Court of Appeals of Texas, Fourteenth District

April 23, 2019


          On Appeal from the 215th District Court Harris County, Texas Trial Court Cause No. 2016-81111

          Panel consists of Justices Jewell, Zimmerer, and Spain.



         Appellants John Kevin Munz (Munz) and Unimaginable Ventures, LLC (UV) appeal the trial court's order granting the special appearance of appellee Craig Schreiber. Tex. Civ. Prac. & Rem. Code § 51.014(a)(7). Munz and UV challenge the trial court's order by arguing that: (1) the trial court erred in granting the special appearance because it was not verified and thus did not comply with Texas Rule of Civil Procedure 120a; (2) Schreiber did not negate all alleged jurisdictional bases such that the exercise of personal jurisdiction would offend traditional notions of fair play and substantial justice; and (3) the trial court erred in denying their request for a continuance to obtain jurisdictional discovery.

         We conclude the trial court did not err in granting the special appearance. Schreiber attached an affidavit verifying the material facts of his special appearance, thus satisfying Rule 120a. We also conclude that Schreiber sufficiently negated the bases alleged for personal jurisdiction over him and that he did not purposefully avail himself of the privileges and benefits of the state of Texas for purposes of exercising personal jurisdiction. Finally, we conclude that Munz and UV have not established a clear abuse of discretion based on the denial of a continuance for additional discovery. We, therefore, affirm the trial court's order granting Schreiber's special appearance.


         Munz resides in Houston and is the manager of UV, a Texas corporation with its principal office located in Harris County. Munz and UV allege in their live petition that on July 27, 2015, Munz contracted by mail or otherwise for the manufacture of a custom advertising truck with defendant Dynamic Mobile Media, L.L.C. (DMM). DMM is a foreign limited liability corporation organized under the laws of Nevada with its principal office located in Wisconsin. The contract with DMM provided that Munz would purchase and deliver to DMM at its manufacturing facility in Nevada a 14-foot box truck for a custom buildout. DMM would then design, among other things, a metal framework used to mount on the truck a folding LED screen measuring 8 feet 10 inches by 32 feet.

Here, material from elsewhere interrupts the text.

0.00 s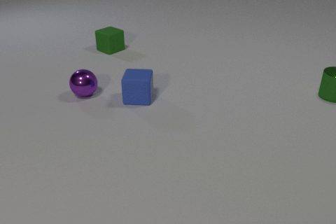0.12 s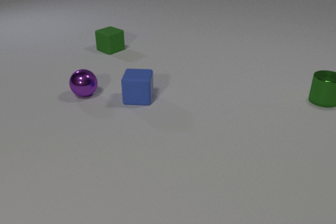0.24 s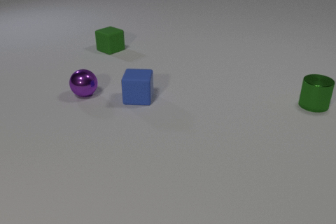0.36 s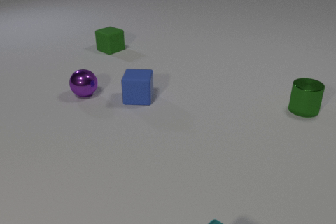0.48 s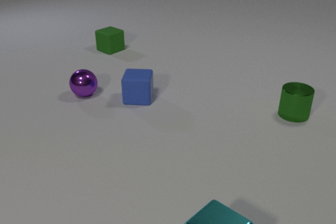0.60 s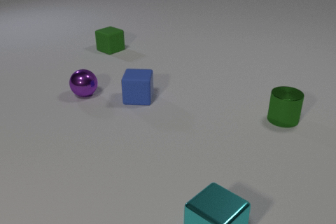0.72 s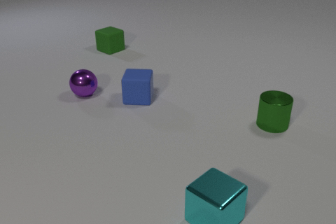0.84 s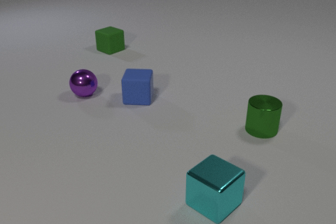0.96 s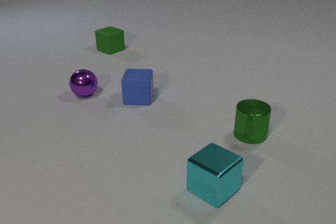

The parties agreed to a purchase price of $142, 180, with a fifty percent deposit due at the time of contract and the remaining fifty percent due five days before pick-up of the truck. The contract provided that the modified truck would be available for pick- up on or before October 9, 2015. The contract also provided that the truck could be optionally delivered by a professional driver to the buyer's location. Munz and UV pleaded that Munz paid a fee to have the custom build expedited and that DMM promised to deliver the truck to Munz in Houston.

         Munz and UV further allege that DMM's representative Peter Fischer, a Wisconsin resident, made several representations to Munz prior to and after the contract was executed. Fischer stated to Munz that DMM's manufacturing facilities were located in Las Vegas, that DMM operated in Las Vegas and Wisconsin, that Schreiber was Fischer's "partner and engineer," that Fischer would advertise the custom truck within a "600 mile radius of Houston," and that construction of the custom truck would commence upon delivery of the box truck to the DMM facility in Nevada. According to Munz and UV, Schreiber participated in the discussions between Fischer and Munz and affirmed Fischer's representations regarding DMM's manufacture of the truck, time schedules, and technical capabilities, and stated that Schreiber and Fischer had their own manufacturing facility in China. Schreiber averred that all of his communications with Munz "were either initiated by [Munz] by phone or electronically, or were in response to his communications by phone or electronically." Based on the representations, Munz opened a line of credit with Spirit Bank of Texas, formed UV, purchased and delivered a box truck to DMM in Nevada, and wired money from the bank in Texas to Nevada for the deposit. Payment was made by Munz to Fischer or DMM and Schreiber received no payment from Munz.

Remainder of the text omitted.